*EXERCISE*. A faithful copy of the listing below is required.

*INFORMATION SUPPLIED*.
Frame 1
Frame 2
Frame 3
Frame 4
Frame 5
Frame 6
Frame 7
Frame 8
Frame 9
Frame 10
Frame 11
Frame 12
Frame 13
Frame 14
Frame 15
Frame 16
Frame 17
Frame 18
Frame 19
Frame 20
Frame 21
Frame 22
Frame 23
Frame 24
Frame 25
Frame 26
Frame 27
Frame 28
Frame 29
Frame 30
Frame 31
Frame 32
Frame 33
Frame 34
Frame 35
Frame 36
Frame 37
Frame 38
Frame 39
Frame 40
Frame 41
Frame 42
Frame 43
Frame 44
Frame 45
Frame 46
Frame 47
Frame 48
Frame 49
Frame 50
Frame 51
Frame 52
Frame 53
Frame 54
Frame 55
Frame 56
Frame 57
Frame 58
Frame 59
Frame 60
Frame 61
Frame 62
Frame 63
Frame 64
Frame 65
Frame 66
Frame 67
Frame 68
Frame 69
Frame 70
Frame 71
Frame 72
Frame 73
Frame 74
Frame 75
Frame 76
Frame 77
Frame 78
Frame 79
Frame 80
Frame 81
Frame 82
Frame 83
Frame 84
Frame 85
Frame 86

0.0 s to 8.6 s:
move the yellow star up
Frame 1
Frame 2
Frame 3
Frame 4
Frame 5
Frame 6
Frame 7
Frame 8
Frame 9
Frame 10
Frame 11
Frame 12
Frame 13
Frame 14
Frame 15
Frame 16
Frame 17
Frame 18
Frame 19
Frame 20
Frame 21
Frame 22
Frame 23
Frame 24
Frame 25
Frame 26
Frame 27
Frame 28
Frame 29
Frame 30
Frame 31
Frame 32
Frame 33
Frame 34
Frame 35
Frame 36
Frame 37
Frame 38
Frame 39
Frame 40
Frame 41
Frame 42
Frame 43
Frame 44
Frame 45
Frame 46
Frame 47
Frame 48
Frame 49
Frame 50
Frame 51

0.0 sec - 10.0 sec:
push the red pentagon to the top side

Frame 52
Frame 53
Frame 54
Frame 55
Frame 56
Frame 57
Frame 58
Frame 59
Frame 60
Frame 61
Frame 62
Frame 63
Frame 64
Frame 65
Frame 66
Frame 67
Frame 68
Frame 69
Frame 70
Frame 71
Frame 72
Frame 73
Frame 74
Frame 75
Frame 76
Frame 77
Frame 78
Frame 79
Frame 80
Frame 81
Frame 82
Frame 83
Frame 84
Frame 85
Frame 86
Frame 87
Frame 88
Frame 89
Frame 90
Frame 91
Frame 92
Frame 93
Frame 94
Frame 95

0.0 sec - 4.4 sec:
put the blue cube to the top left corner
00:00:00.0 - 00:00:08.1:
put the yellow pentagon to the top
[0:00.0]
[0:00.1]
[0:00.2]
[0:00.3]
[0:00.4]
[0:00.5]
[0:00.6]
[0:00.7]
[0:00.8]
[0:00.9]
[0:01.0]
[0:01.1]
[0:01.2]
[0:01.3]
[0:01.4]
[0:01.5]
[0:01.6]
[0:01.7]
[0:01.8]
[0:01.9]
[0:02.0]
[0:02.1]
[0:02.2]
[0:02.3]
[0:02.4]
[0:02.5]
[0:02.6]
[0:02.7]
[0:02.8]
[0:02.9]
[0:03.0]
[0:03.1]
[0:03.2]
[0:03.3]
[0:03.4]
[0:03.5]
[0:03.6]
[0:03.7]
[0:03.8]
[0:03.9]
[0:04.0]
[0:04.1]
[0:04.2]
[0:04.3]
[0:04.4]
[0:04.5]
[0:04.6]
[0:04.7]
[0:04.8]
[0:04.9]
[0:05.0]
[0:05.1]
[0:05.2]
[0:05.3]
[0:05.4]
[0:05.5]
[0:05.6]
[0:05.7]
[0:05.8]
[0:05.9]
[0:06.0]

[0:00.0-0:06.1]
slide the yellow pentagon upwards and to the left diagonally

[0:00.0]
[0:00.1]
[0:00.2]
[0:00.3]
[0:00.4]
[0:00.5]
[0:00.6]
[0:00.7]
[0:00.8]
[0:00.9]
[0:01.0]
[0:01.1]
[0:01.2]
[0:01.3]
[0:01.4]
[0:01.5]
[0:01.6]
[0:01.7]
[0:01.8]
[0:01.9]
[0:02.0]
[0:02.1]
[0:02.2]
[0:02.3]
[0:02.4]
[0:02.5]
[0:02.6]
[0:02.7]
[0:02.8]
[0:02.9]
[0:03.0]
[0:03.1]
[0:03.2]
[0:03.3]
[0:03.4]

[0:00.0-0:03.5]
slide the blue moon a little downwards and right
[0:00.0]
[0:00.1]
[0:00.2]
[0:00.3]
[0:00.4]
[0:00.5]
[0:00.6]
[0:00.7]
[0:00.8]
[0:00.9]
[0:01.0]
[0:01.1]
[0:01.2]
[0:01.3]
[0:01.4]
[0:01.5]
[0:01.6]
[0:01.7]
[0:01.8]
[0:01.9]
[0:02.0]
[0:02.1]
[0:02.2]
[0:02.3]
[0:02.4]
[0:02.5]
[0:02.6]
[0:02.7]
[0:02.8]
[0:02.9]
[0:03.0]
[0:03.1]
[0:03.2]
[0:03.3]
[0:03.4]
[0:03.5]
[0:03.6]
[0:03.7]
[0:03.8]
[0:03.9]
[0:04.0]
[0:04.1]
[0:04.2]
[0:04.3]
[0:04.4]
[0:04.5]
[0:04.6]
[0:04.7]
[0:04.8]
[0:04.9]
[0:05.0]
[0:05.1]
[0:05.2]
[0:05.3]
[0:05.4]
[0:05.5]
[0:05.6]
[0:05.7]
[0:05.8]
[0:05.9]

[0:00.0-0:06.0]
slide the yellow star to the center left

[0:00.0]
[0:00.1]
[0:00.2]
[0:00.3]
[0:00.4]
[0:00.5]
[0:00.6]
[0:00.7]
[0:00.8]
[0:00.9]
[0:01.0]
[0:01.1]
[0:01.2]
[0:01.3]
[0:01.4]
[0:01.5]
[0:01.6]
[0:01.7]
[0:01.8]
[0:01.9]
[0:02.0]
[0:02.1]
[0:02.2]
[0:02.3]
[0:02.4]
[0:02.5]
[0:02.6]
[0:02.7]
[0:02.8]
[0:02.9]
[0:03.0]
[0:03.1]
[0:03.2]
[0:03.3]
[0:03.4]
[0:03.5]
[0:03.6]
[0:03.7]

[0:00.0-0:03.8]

*ANSWER TO THIS PROBLEM*.
Frame 1
Frame 2
Frame 3
Frame 4
Frame 5
Frame 6
Frame 7
Frame 8
Frame 9
Frame 10
Frame 11
Frame 12
Frame 13
Frame 14
Frame 15
Frame 16
Frame 17
Frame 18
Frame 19
Frame 20
Frame 21
Frame 22
Frame 23
Frame 24
Frame 25
Frame 26
Frame 27
Frame 28
Frame 29
Frame 30
Frame 31
Frame 32
Frame 33
Frame 34
Frame 35
Frame 36
Frame 37
Frame 38
Frame 39
Frame 40
Frame 41
Frame 42
Frame 43
Frame 44
Frame 45
Frame 46
Frame 47
Frame 48
Frame 49
Frame 50
Frame 51
Frame 52
Frame 53
Frame 54
Frame 55
Frame 56
Frame 57
Frame 58
Frame 59
Frame 60
Frame 61
Frame 62
Frame 63
Frame 64
Frame 65
Frame 66
Frame 67
Frame 68
Frame 69
Frame 70
Frame 71
Frame 72
Frame 73
Frame 74
Frame 75
Frame 76
Frame 77
Frame 78
Frame 79
Frame 80
Frame 81
Frame 82
Frame 83
Frame 84
Frame 85
Frame 86

0.0 s to 8.6 s:
move the yellow star up
Frame 1
Frame 2
Frame 3
Frame 4
Frame 5
Frame 6
Frame 7
Frame 8
Frame 9
Frame 10
Frame 11
Frame 12
Frame 13
Frame 14
Frame 15
Frame 16
Frame 17
Frame 18
Frame 19
Frame 20
Frame 21
Frame 22
Frame 23
Frame 24
Frame 25
Frame 26
Frame 27
Frame 28
Frame 29
Frame 30
Frame 31
Frame 32
Frame 33
Frame 34
Frame 35
Frame 36
Frame 37
Frame 38
Frame 39
Frame 40
Frame 41
Frame 42
Frame 43
Frame 44
Frame 45
Frame 46
Frame 47
Frame 48
Frame 49
Frame 50
Frame 51

0.0 sec - 10.0 sec:
push the red pentagon to the top side

Frame 52
Frame 53
Frame 54
Frame 55
Frame 56
Frame 57
Frame 58
Frame 59
Frame 60
Frame 61
Frame 62
Frame 63
Frame 64
Frame 65
Frame 66
Frame 67
Frame 68
Frame 69
Frame 70
Frame 71
Frame 72
Frame 73
Frame 74
Frame 75
Frame 76
Frame 77
Frame 78
Frame 79
Frame 80
Frame 81
Frame 82
Frame 83
Frame 84
Frame 85
Frame 86
Frame 87
Frame 88
Frame 89
Frame 90
Frame 91
Frame 92
Frame 93
Frame 94
Frame 95

0.0 sec - 4.4 sec:
put the blue cube to the top left corner
00:00:00.0 - 00:00:08.1:
put the yellow pentagon to the top
[0:00.0]
[0:00.1]
[0:00.2]
[0:00.3]
[0:00.4]
[0:00.5]
[0:00.6]
[0:00.7]
[0:00.8]
[0:00.9]
[0:01.0]
[0:01.1]
[0:01.2]
[0:01.3]
[0:01.4]
[0:01.5]
[0:01.6]
[0:01.7]
[0:01.8]
[0:01.9]
[0:02.0]
[0:02.1]
[0:02.2]
[0:02.3]
[0:02.4]
[0:02.5]
[0:02.6]
[0:02.7]
[0:02.8]
[0:02.9]
[0:03.0]
[0:03.1]
[0:03.2]
[0:03.3]
[0:03.4]
[0:03.5]
[0:03.6]
[0:03.7]
[0:03.8]
[0:03.9]
[0:04.0]
[0:04.1]
[0:04.2]
[0:04.3]
[0:04.4]
[0:04.5]
[0:04.6]
[0:04.7]
[0:04.8]
[0:04.9]
[0:05.0]
[0:05.1]
[0:05.2]
[0:05.3]
[0:05.4]
[0:05.5]
[0:05.6]
[0:05.7]
[0:05.8]
[0:05.9]
[0:06.0]

[0:00.0-0:06.1]
slide the yellow pentagon upwards and to the left diagonally

[0:00.0]
[0:00.1]
[0:00.2]
[0:00.3]
[0:00.4]
[0:00.5]
[0:00.6]
[0:00.7]
[0:00.8]
[0:00.9]
[0:01.0]
[0:01.1]
[0:01.2]
[0:01.3]
[0:01.4]
[0:01.5]
[0:01.6]
[0:01.7]
[0:01.8]
[0:01.9]
[0:02.0]
[0:02.1]
[0:02.2]
[0:02.3]
[0:02.4]
[0:02.5]
[0:02.6]
[0:02.7]
[0:02.8]
[0:02.9]
[0:03.0]
[0:03.1]
[0:03.2]
[0:03.3]
[0:03.4]

[0:00.0-0:03.5]
slide the blue moon a little downwards and right
[0:00.0]
[0:00.1]
[0:00.2]
[0:00.3]
[0:00.4]
[0:00.5]
[0:00.6]
[0:00.7]
[0:00.8]
[0:00.9]
[0:01.0]
[0:01.1]
[0:01.2]
[0:01.3]
[0:01.4]
[0:01.5]
[0:01.6]
[0:01.7]
[0:01.8]
[0:01.9]
[0:02.0]
[0:02.1]
[0:02.2]
[0:02.3]
[0:02.4]
[0:02.5]
[0:02.6]
[0:02.7]
[0:02.8]
[0:02.9]
[0:03.0]
[0:03.1]
[0:03.2]
[0:03.3]
[0:03.4]
[0:03.5]
[0:03.6]
[0:03.7]
[0:03.8]
[0:03.9]
[0:04.0]
[0:04.1]
[0:04.2]
[0:04.3]
[0:04.4]
[0:04.5]
[0:04.6]
[0:04.7]
[0:04.8]
[0:04.9]
[0:05.0]
[0:05.1]
[0:05.2]
[0:05.3]
[0:05.4]
[0:05.5]
[0:05.6]
[0:05.7]
[0:05.8]
[0:05.9]

[0:00.0-0:06.0]
slide the yellow star to the center left

[0:00.0]
[0:00.1]
[0:00.2]
[0:00.3]
[0:00.4]
[0:00.5]
[0:00.6]
[0:00.7]
[0:00.8]
[0:00.9]
[0:01.0]
[0:01.1]
[0:01.2]
[0:01.3]
[0:01.4]
[0:01.5]
[0:01.6]
[0:01.7]
[0:01.8]
[0:01.9]
[0:02.0]
[0:02.1]
[0:02.2]
[0:02.3]
[0:02.4]
[0:02.5]
[0:02.6]
[0:02.7]
[0:02.8]
[0:02.9]
[0:03.0]
[0:03.1]
[0:03.2]
[0:03.3]
[0:03.4]
[0:03.5]
[0:03.6]
[0:03.7]

[0:00.0-0:03.8]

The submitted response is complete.